今週(5月3日~9日)の相場動向

相場回顧 BTC:米国の利下げ観測で一時は上昇するも上値の重い展開

ビットコインは米国の利下げ観測で一時は上昇するも上値の重い展開となった。

4月米雇用統計やISM関連指数が市場予想に反して低水準となり、これらを受けて利下げ開始への期待から買い戻しが強まった。米国金利が低下する中、グレースケールのビットコイン現物ETF【GBTC】の資金流出が止まったことも好感され、一時BTC=1,014万円(65,000ドル)付近まで価格を伸ばした。

しかし、SEC(米国証券取引委員会)がロビンフッドに対して証券法違反の疑いでウェルズ通知(※)を送付するなど、米国における暗号資産関連企業の取り締まり強化への懸念により上値が重くなった。その後、ミネアポリス連銀総裁がインフレ鈍化について慎重な見通しを示したことなどを受けて米国金利が再び上昇し、パレスチナ情勢の不透明感が強まったことも嫌気され、ハイテク株とともに軟調に推移した。

※SECが企業に対して法的措置をとる可能性があることを事前に通知する文書。当局による提訴を確定するものではなく、申し立てへの回答猶予を与えて勧告する意味合いがある。

 

来週(5月10日~16日)の相場予想

BTCは米CPI次第で買い支えられる展開を予想、悪材料相次ぐ中で上値は重いか

米国経済指標が市場予想より弱い結果になったことを受けて利下げ観測が高まっている一方、根強いインフレ懸念により米国金利が高止まりしている。
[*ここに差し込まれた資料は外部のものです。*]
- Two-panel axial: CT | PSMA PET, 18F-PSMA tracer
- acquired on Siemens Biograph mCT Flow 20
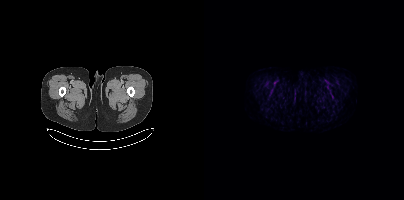
Findings: Coordinates are on the 200×200 PET (right) panel. PSMA-avid tumor lesion bounding box (x, y, width, height): x=125 y=90 w=5 h=8. Small PSMA-avid focus (2 to 4 px across) near (center x, center y): (67, 90).
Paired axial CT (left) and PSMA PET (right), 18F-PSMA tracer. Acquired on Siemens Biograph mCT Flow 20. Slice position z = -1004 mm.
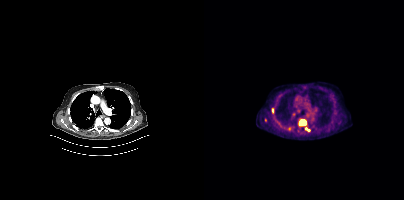
Coordinates are on the 200×200 PET (right) panel. PSMA-avid tumor lesion bounding boxes (x0, y0)-(x1, y1): (96, 120)-(102, 125) | (101, 128)-(105, 131). Small PSMA-avid foci (2 to 4 px across) near (center x, center y): (68, 110) | (61, 119).
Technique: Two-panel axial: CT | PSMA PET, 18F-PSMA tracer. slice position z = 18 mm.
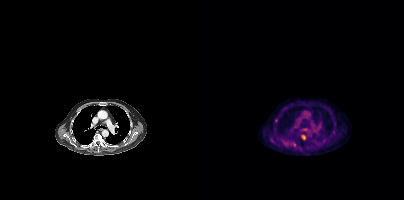
Findings: Coordinates are on the 200×200 PET (right) panel. PSMA-avid tumor lesion bounding box (x0,y0,x1,y1): [98,135,101,139]. Small PSMA-avid foci (2 to 4 px across) near (center x, center y): (90, 144), (72, 120).
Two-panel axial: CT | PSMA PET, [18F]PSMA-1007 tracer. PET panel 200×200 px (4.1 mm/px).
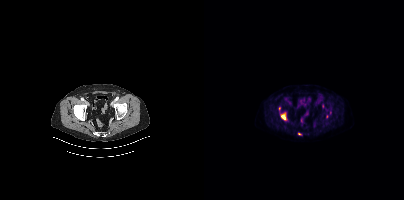
Coordinates are on the 200×200 PET (right) panel. (showing 2 of 4 foci) PSMA-avid tumor lesion bounding box (x0, y0)-(x1, y1): (77, 113)-(81, 119). Small PSMA-avid focus (2 to 4 px across) near (center x, center y): (95, 133).
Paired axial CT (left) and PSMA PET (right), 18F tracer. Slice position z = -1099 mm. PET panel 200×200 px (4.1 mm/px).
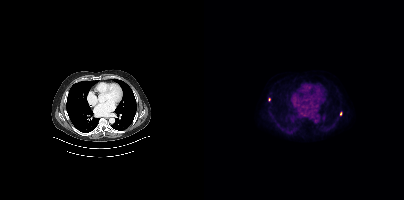
Coordinates are on the 200×200 PET (right) panel. Small PSMA-avid foci (2 to 4 px across) near (center x, center y): (65, 99) / (136, 113).
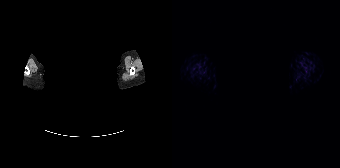
modality: PSMA PET/CT | tracer: 68Ga-PSMA | view: axial | de-identification: head region blanked (face removed)
No PSMA-avid tumor lesions on this slice.
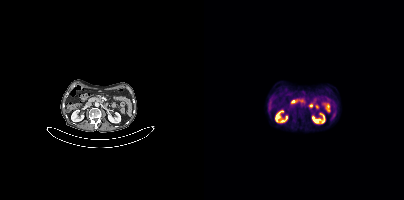
Technique: Paired axial CT (left) and PSMA PET (right), 18F tracer. acquired on Siemens Biograph mCT Flow 20.
Findings: No PSMA-avid tumor lesions on this slice.
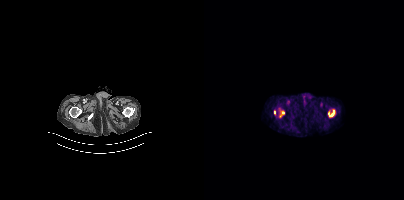
Coordinates are on the 200×200 PET (right) panel. PSMA-avid tumor lesion bounding boxes (x0, y0)-(x1, y1): (75, 110)-(80, 117); (70, 110)-(71, 115).
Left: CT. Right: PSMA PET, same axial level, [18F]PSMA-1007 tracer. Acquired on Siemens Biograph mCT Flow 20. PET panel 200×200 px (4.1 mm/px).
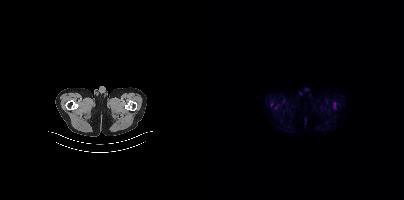
No tumor lesions annotated on this slice.
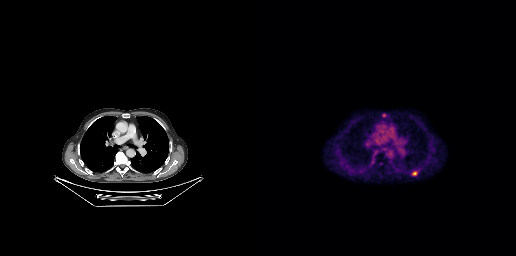
Two-panel axial: CT | PSMA PET, 18F tracer. Slice 186 of 263.
Coordinates are on the 256×256 PET (right) panel. PSMA-avid tumor lesion bounding boxes:
| # | x0 | y0 | x1 | y1 |
|---|---|---|---|---|
| 1 | 152 | 171 | 156 | 175 |
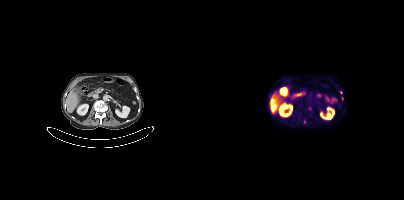
Coordinates are on the 200×200 PET (right) panel. (showing 1 of 2 foci) Small PSMA-avid focus (2 to 4 px across) near (center x, center y): (138, 98).
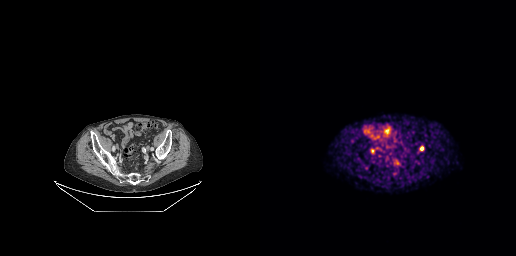
Technique: Two-panel axial: CT | PSMA PET, 68Ga tracer. acquired on GE Discovery 690. PET panel 256×256 px (2.7 mm/px).
Findings: Coordinates are on the 256×256 PET (right) panel. (showing 4 of 6 foci) PSMA-avid tumor lesion bounding box (x0,y0,x1,y1): [134,160,139,164]. Small PSMA-avid foci (2 to 4 px across) near (center x, center y): (92, 141), (134, 174), (161, 150).

その中、来週は4月米消費者物価指数の発表があり、前月に続いて総合・コアともに市場予想を上振れた場合には米国金利の上昇とともに売りが加速する可能性が高い。逆にインフレ減速を示唆する内容となれば9月利下げ開始の見通しが強まり買い支えられる展開になると予想する。
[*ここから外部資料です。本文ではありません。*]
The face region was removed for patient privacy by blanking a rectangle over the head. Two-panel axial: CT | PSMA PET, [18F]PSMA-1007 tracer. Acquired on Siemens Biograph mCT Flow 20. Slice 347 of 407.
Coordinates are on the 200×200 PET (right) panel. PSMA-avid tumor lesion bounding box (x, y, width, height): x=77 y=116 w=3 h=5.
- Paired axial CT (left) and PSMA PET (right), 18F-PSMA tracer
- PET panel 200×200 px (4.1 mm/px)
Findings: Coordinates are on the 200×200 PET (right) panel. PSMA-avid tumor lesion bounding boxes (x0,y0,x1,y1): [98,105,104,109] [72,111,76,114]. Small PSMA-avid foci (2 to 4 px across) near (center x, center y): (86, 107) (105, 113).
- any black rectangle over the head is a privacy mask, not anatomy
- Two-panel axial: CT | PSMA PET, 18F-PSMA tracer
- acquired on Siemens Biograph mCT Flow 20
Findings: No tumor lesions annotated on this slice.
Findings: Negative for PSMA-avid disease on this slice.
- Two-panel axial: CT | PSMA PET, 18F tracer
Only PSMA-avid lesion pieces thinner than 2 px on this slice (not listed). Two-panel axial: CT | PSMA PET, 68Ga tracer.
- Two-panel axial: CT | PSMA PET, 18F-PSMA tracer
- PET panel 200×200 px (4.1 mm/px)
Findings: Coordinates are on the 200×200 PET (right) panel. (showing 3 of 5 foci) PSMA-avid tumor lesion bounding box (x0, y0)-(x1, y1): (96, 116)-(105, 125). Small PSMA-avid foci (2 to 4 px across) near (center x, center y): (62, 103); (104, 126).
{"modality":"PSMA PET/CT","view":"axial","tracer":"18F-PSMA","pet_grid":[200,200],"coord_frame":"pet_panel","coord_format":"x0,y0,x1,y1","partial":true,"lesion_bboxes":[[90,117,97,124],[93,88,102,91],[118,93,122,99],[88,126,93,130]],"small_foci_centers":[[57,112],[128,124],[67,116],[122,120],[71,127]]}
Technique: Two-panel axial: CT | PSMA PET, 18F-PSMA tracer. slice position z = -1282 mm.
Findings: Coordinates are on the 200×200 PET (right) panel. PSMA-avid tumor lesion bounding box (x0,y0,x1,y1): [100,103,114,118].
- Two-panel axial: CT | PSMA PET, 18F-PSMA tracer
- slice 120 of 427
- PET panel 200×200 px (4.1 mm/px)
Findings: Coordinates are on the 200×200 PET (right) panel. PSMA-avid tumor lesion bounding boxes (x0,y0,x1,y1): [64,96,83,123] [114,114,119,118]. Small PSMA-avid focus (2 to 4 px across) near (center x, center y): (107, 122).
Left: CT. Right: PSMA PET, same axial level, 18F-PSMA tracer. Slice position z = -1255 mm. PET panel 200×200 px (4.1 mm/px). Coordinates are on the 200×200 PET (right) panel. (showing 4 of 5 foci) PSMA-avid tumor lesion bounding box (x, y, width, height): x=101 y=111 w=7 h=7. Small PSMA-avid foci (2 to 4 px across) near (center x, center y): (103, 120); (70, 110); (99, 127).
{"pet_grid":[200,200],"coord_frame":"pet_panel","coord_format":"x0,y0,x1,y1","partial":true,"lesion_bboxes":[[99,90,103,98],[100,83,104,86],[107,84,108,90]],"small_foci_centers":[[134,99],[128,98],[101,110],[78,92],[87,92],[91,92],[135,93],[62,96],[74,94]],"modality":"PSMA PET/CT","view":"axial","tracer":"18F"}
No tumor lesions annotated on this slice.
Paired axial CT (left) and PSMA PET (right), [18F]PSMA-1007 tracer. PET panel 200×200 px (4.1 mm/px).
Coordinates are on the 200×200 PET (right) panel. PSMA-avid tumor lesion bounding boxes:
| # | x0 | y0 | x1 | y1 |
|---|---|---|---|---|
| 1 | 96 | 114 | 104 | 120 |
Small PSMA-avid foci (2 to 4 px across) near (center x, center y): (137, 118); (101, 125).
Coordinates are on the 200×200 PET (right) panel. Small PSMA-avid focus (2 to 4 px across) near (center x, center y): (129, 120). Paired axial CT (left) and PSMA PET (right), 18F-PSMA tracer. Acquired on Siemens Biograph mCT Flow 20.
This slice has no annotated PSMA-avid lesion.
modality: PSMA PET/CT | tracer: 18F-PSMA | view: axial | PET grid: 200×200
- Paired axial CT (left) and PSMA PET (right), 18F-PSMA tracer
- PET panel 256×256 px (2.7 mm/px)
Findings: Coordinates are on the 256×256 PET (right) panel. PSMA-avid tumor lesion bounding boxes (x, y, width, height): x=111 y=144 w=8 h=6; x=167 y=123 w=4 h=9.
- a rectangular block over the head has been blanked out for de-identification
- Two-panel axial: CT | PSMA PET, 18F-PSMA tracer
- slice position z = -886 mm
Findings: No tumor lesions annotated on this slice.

米国ではビットコイン現物ETFからの資金流出が止まったものの流入の勢いは戻っておらず、香港で始まった現物ETFも期待外れの出来高となっている。また、SECがユニスワップやロビンフッドなど主要な暗号資産関連企業に対し次々に警告を出している他、半減期後のマイナー報酬減などの影響もあってかハッシュレートの低下も見られている。これらの悪材料が相次ぐ中ではなかなか暗号資産主導の買いが入りづらいだろう。
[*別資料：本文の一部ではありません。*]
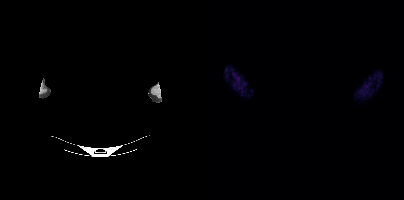
Negative for PSMA-avid disease on this slice. Paired axial CT (left) and PSMA PET (right), [68Ga]Ga-PSMA-11 tracer. Acquired on Siemens Biograph mCT Flow 20. Slice 393 of 405. PET panel 200×200 px (4.1 mm/px). Head region blanked for anonymization (face removed).
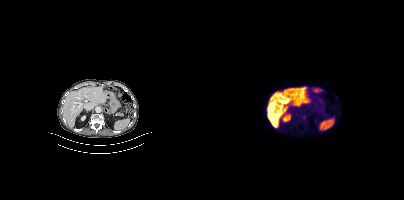
{"modality":"PSMA PET/CT","view":"axial","tracer":"18F","pet_grid":[200,200],"coord_frame":"pet_panel","coord_format":"x0,y0,x1,y1","psma_avid_lesions":false}
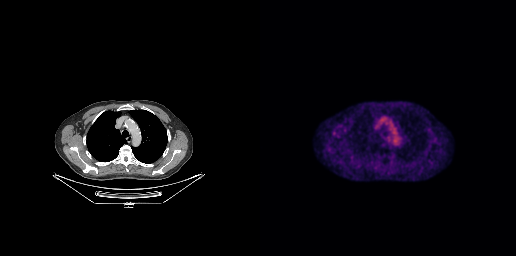
No PSMA-avid tumor lesions on this slice.
modality: PSMA PET/CT | tracer: 18F-PSMA | view: axial
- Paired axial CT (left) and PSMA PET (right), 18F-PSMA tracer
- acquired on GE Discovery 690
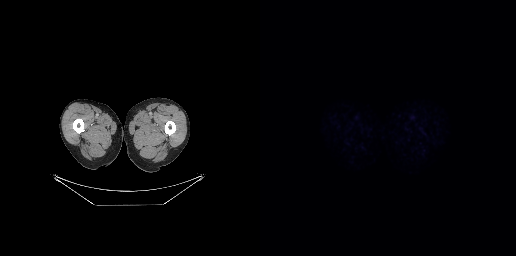
Findings: Negative for PSMA-avid disease on this slice.
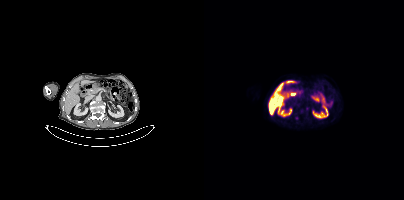
modality: PSMA PET/CT | tracer: [18F]PSMA-1007 | view: axial
This slice has no annotated PSMA-avid lesion.
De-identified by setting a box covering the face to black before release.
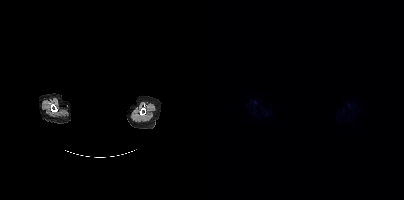
Negative for PSMA-avid disease on this slice.
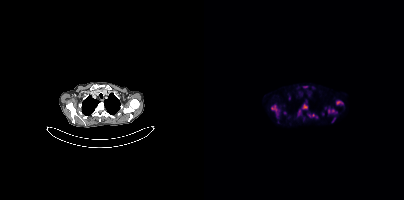
{"modality":"PSMA PET/CT","view":"axial","tracer":"18F","pet_grid":[200,200],"coord_frame":"pet_panel","coord_format":"x0,y0,x1,y1","partial":true,"lesion_bboxes":[[67,105,75,115],[124,109,133,113],[132,101,138,104],[98,104,103,108],[108,114,113,117],[94,110,96,115]],"small_foci_centers":[[130,119],[105,115]]}
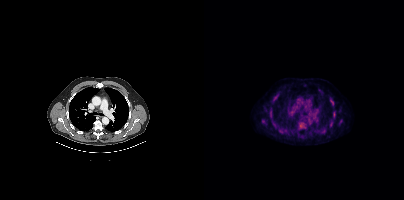
{"modality":"PSMA PET/CT","view":"axial","tracer":"[18F]PSMA-1007","pet_grid":[200,200],"coord_frame":"pet_panel","coord_format":"x0,y0,x1,y1","lesion_bboxes":[],"small_foci_centers":[[129,104],[129,114],[69,100]]}
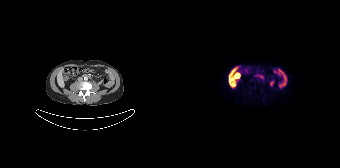
Two-panel axial: CT | PSMA PET, [18F]PSMA-1007 tracer. Acquired on Siemens Biograph 64-4R TruePoint. No PSMA-avid tumor lesions on this slice.
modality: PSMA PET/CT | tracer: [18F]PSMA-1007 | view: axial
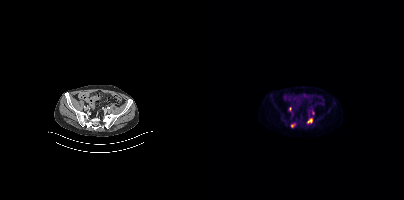
Coordinates are on the 200×200 PET (right) panel. PSMA-avid tumor lesion bounding boxes (x0,y0,x1,y1): [103,118,108,123] [87,124,91,127].
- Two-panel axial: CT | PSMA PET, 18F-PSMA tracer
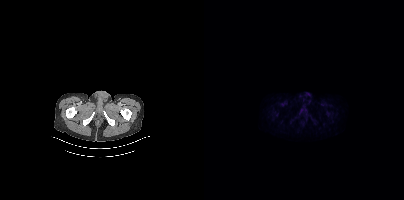
Findings: This slice has no annotated PSMA-avid lesion.
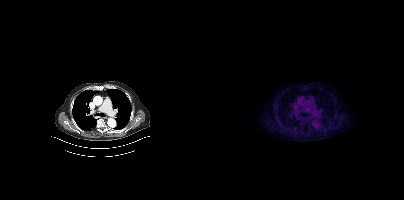
Only PSMA-avid lesion pieces thinner than 2 px on this slice (not listed). Left: CT. Right: PSMA PET, same axial level, [18F]PSMA-1007 tracer. Slice position z = -992 mm. PET panel 200×200 px (4.1 mm/px).
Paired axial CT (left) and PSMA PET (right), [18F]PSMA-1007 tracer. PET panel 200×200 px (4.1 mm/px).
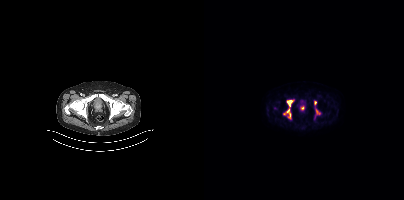
Coordinates are on the 200×200 PET (right) panel. PSMA-avid tumor lesion bounding boxes (partial; 1 more focus not listed):
| # | x0 | y0 | x1 | y1 |
|---|---|---|---|---|
| 1 | 83 | 100 | 89 | 106 |
| 2 | 80 | 108 | 86 | 118 |
| 3 | 111 | 108 | 116 | 114 |
| 4 | 110 | 101 | 112 | 105 |
Small PSMA-avid focus (2 to 4 px across) near (center x, center y): (98, 107).
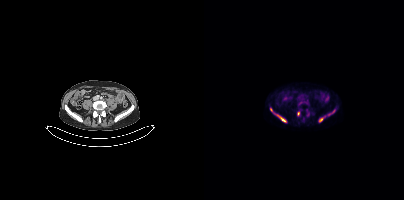
Coordinates are on the 200×200 PET (right) panel. PSMA-avid tumor lesion bounding boxes (x0,y0,x1,y1): [66,108,82,122] [115,116,121,122] [124,110,131,115] [93,111,95,115].
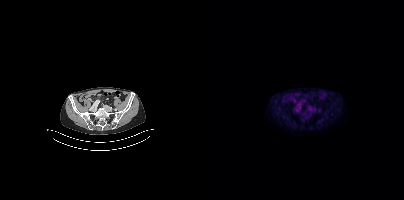
modality: PSMA PET/CT | tracer: 18F | view: axial
Negative for PSMA-avid disease on this slice.
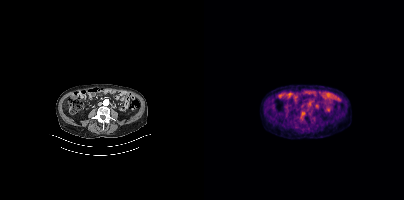
{"modality":"PSMA PET/CT","view":"axial","tracer":"18F","pet_grid":[200,200],"coord_frame":"pet_panel","coord_format":"x0,y0,x1,y1","psma_avid_lesions":false}

そのためマクロ環境次第で、米国株が上昇した時もビットコインは上値が重く、逆に米国株が下落した時にはビットコインが大きく売られるリスクに注意したい。

直近、上値としてBTC=1,014万円(65,000ドル)、下値としてBTC=858万円(55,000ドル)を意識する。過去通常の調整局面では高値から20~25%程度の下落にとどまっているため、ここからさらに下落した場合もその水準で下げ幅は留まると予想する。